▶ **DESCRIPTION OF THE TASK**:
Set the listing down unchanged, minus every embedded image.
____________________
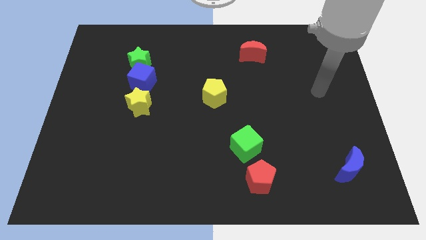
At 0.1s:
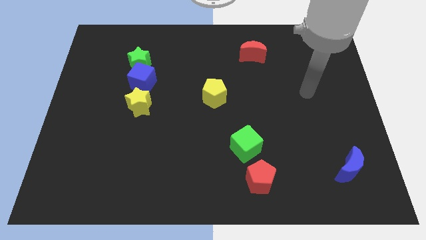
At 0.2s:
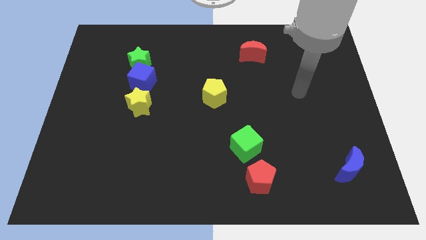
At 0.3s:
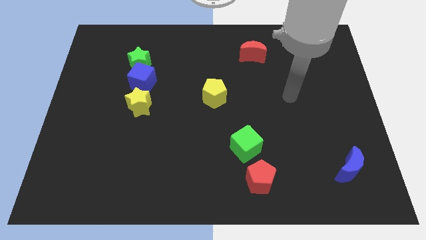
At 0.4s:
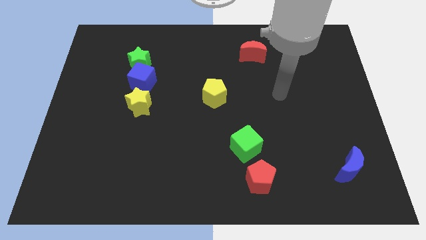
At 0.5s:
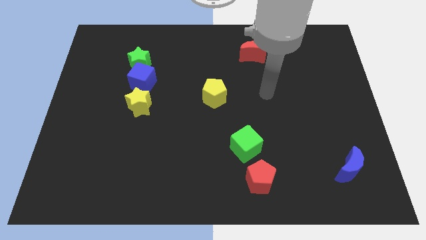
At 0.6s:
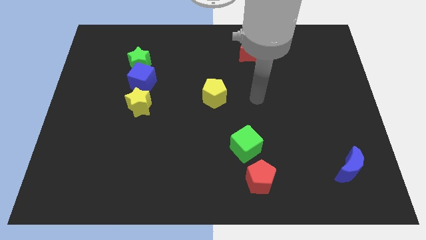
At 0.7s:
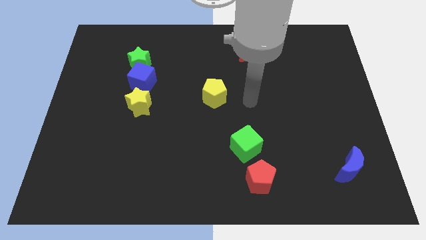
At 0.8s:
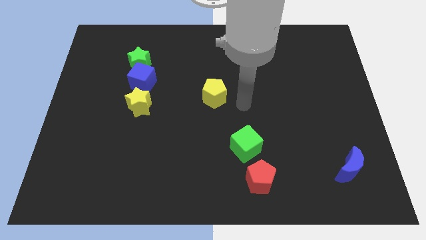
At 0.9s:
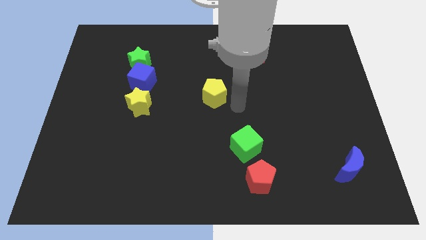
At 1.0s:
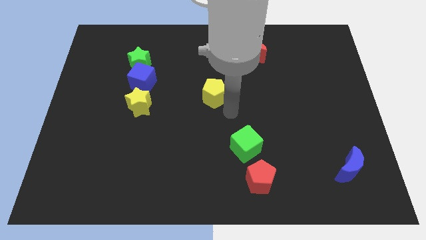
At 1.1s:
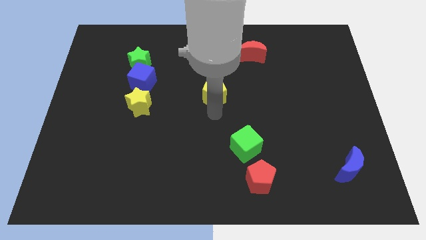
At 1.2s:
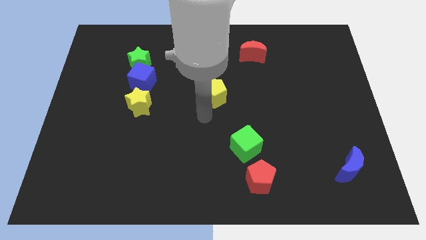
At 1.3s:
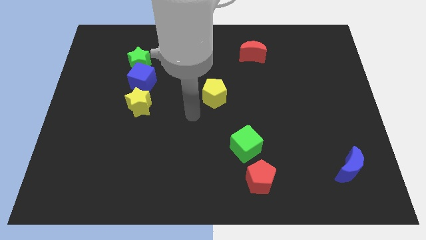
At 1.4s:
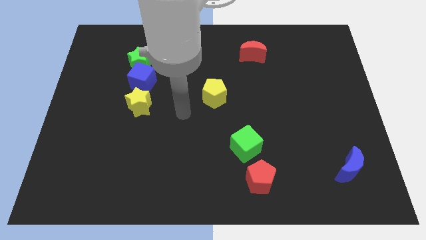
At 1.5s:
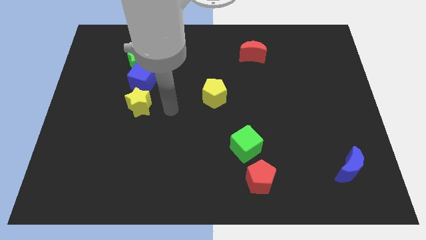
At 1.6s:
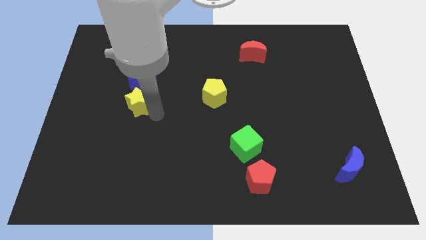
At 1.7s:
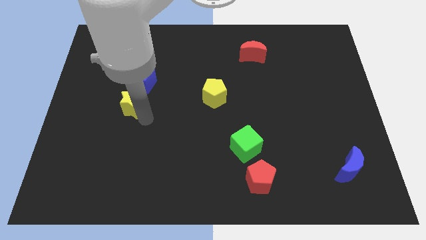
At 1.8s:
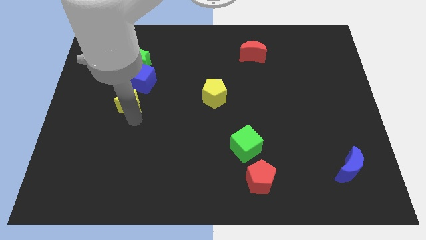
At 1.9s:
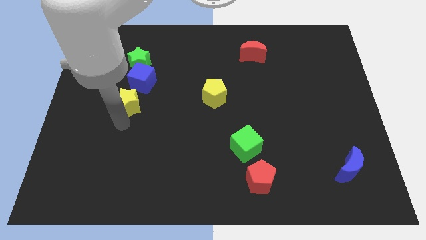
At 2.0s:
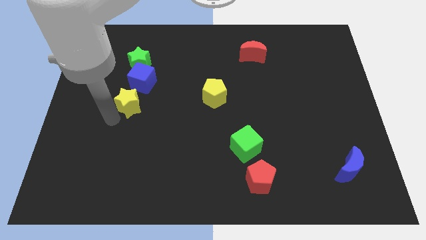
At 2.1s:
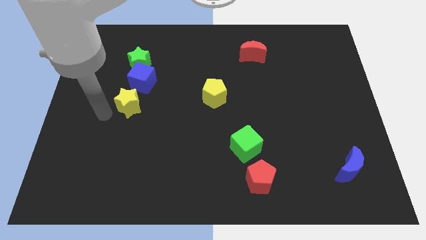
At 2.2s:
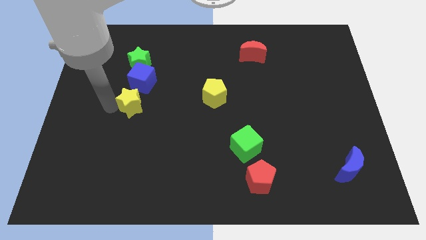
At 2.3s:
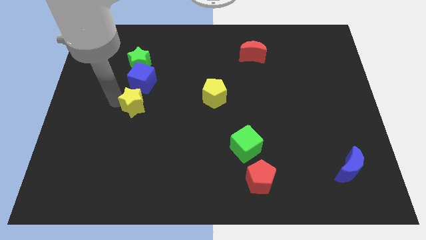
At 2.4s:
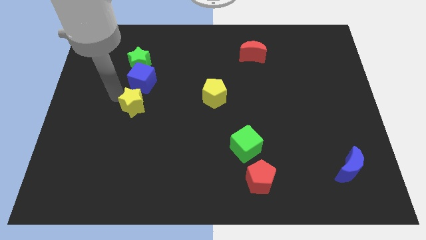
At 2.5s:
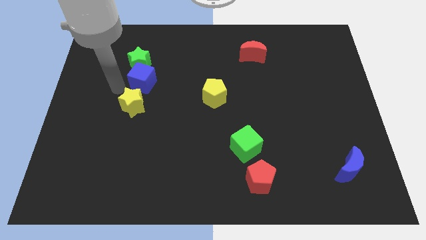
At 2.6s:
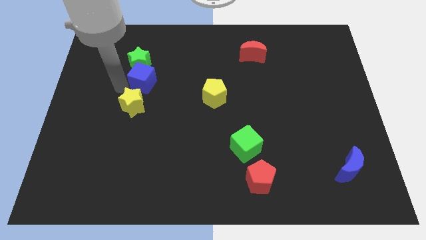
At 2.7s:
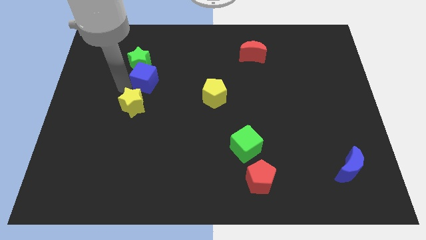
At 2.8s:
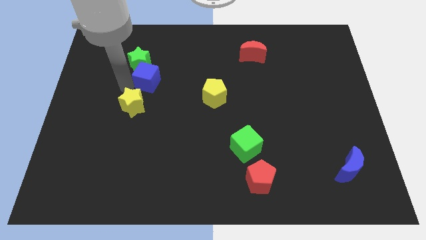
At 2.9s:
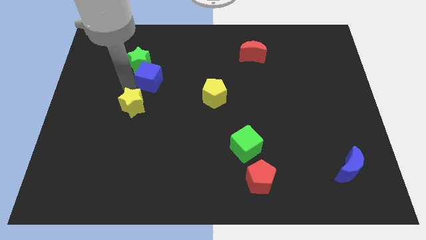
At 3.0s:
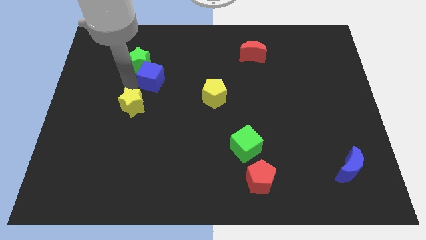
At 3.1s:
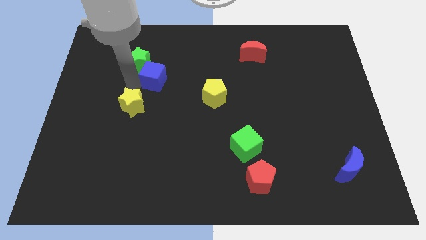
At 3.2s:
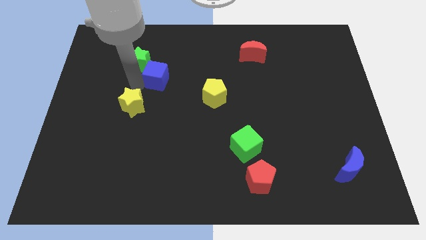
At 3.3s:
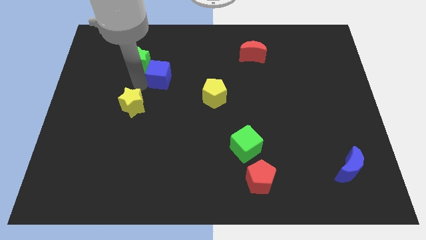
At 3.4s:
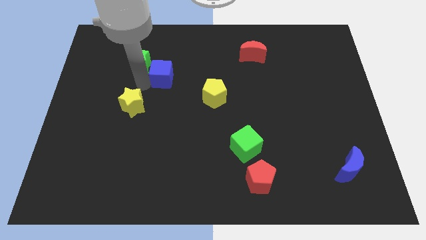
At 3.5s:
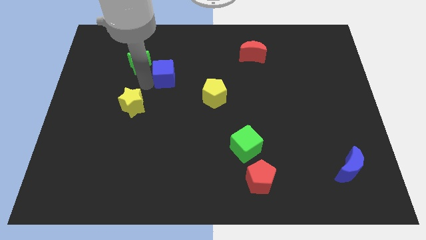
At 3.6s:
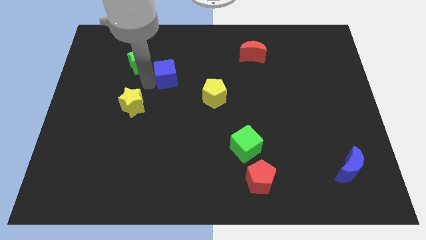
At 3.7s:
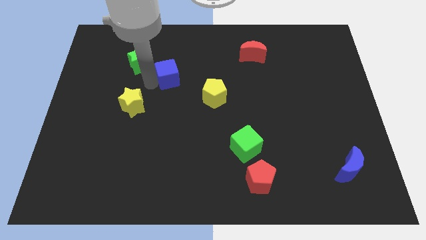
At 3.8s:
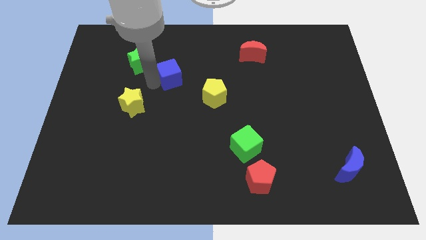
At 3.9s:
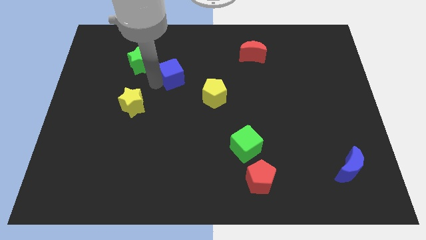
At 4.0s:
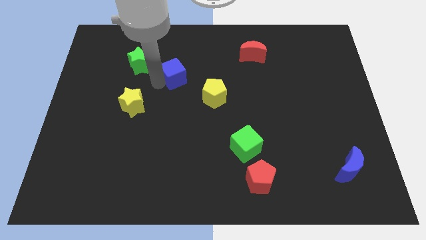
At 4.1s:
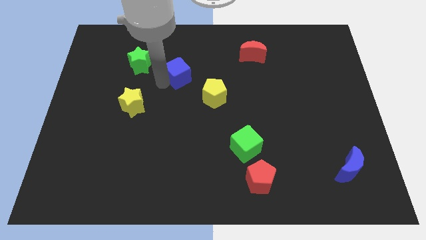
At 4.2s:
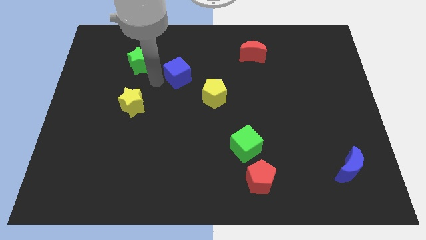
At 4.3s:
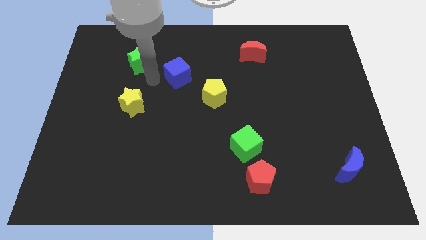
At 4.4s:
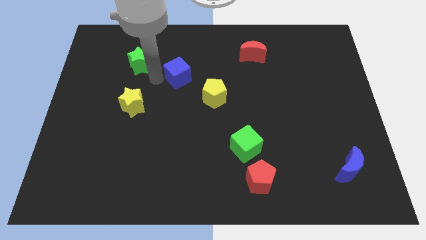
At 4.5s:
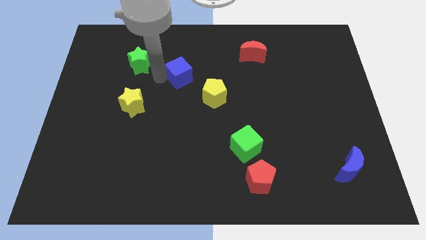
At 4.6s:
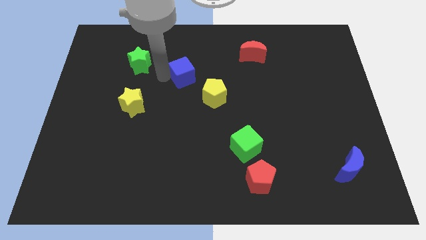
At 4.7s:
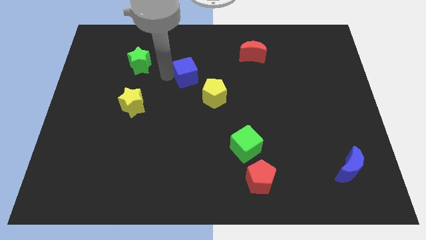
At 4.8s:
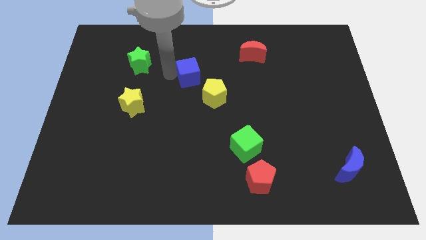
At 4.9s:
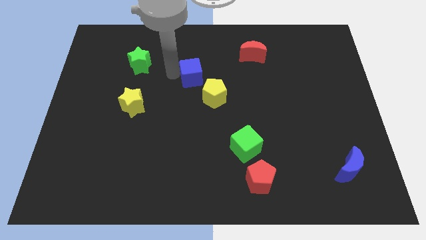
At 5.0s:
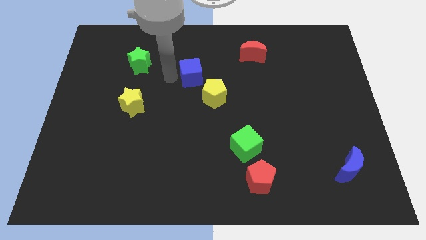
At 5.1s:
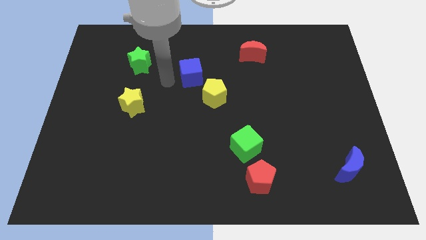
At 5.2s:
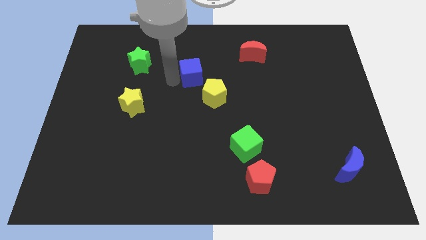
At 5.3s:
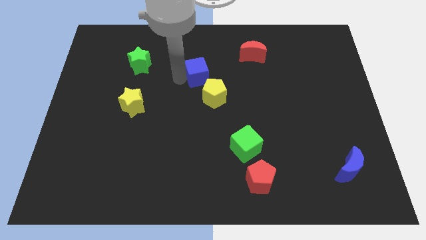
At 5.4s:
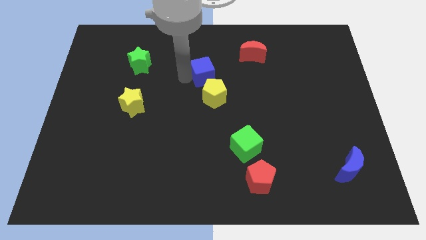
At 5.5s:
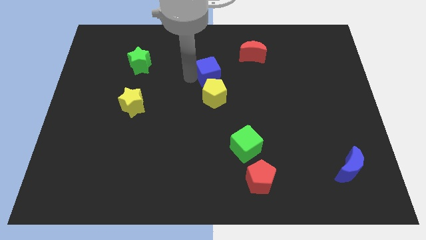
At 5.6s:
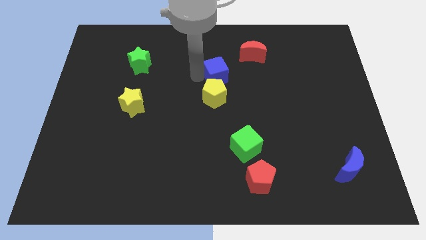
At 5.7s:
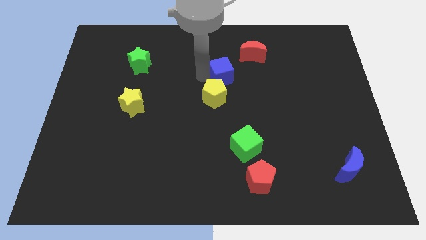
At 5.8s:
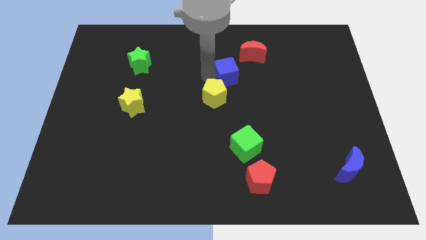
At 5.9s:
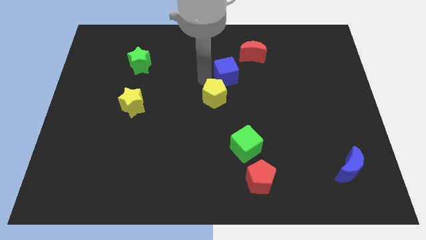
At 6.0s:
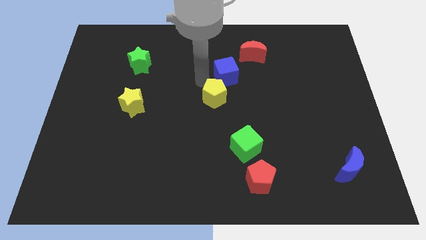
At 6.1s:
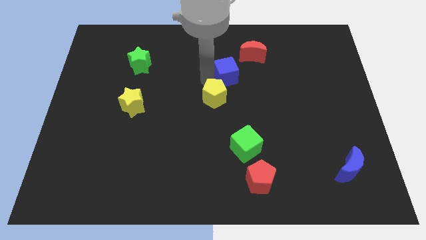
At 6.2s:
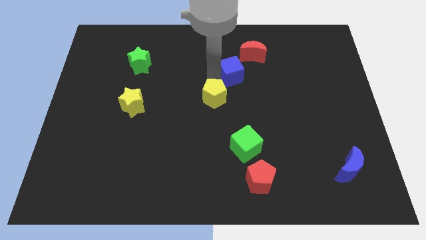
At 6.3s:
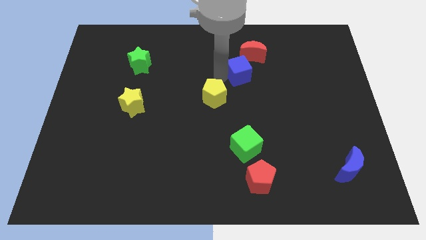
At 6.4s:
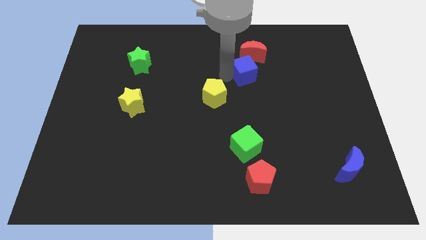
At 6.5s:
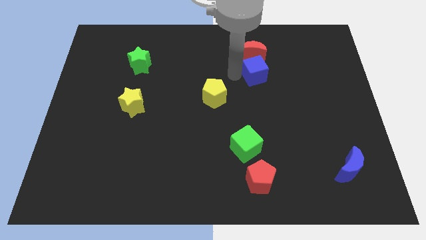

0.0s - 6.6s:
push the blue cube to the bottom right side of the red moon
____________________
▶ **TASK SOLUTION**:
At 0.1s:
At 0.2s:
At 0.3s:
At 0.4s:
At 0.5s:
At 0.6s:
At 0.7s:
At 0.8s:
At 0.9s:
At 1.0s:
At 1.1s:
At 1.2s:
At 1.3s:
At 1.4s:
At 1.5s:
At 1.6s:
At 1.7s:
At 1.8s:
At 1.9s:
At 2.0s:
At 2.1s:
At 2.2s:
At 2.3s:
At 2.4s:
At 2.5s:
At 2.6s:
At 2.7s:
At 2.8s:
At 2.9s:
At 3.0s:
At 3.1s:
At 3.2s:
At 3.3s:
At 3.4s:
At 3.5s:
At 3.6s:
At 3.7s:
At 3.8s:
At 3.9s:
At 4.0s:
At 4.1s:
At 4.2s:
At 4.3s:
At 4.4s:
At 4.5s:
At 4.6s:
At 4.7s:
At 4.8s:
At 4.9s:
At 5.0s:
At 5.1s:
At 5.2s:
At 5.3s:
At 5.4s:
At 5.5s:
At 5.6s:
At 5.7s:
At 5.8s:
At 5.9s:
At 6.0s:
At 6.1s:
At 6.2s:
At 6.3s:
At 6.4s:
At 6.5s:

0.0s - 6.6s:
push the blue cube to the bottom right side of the red moon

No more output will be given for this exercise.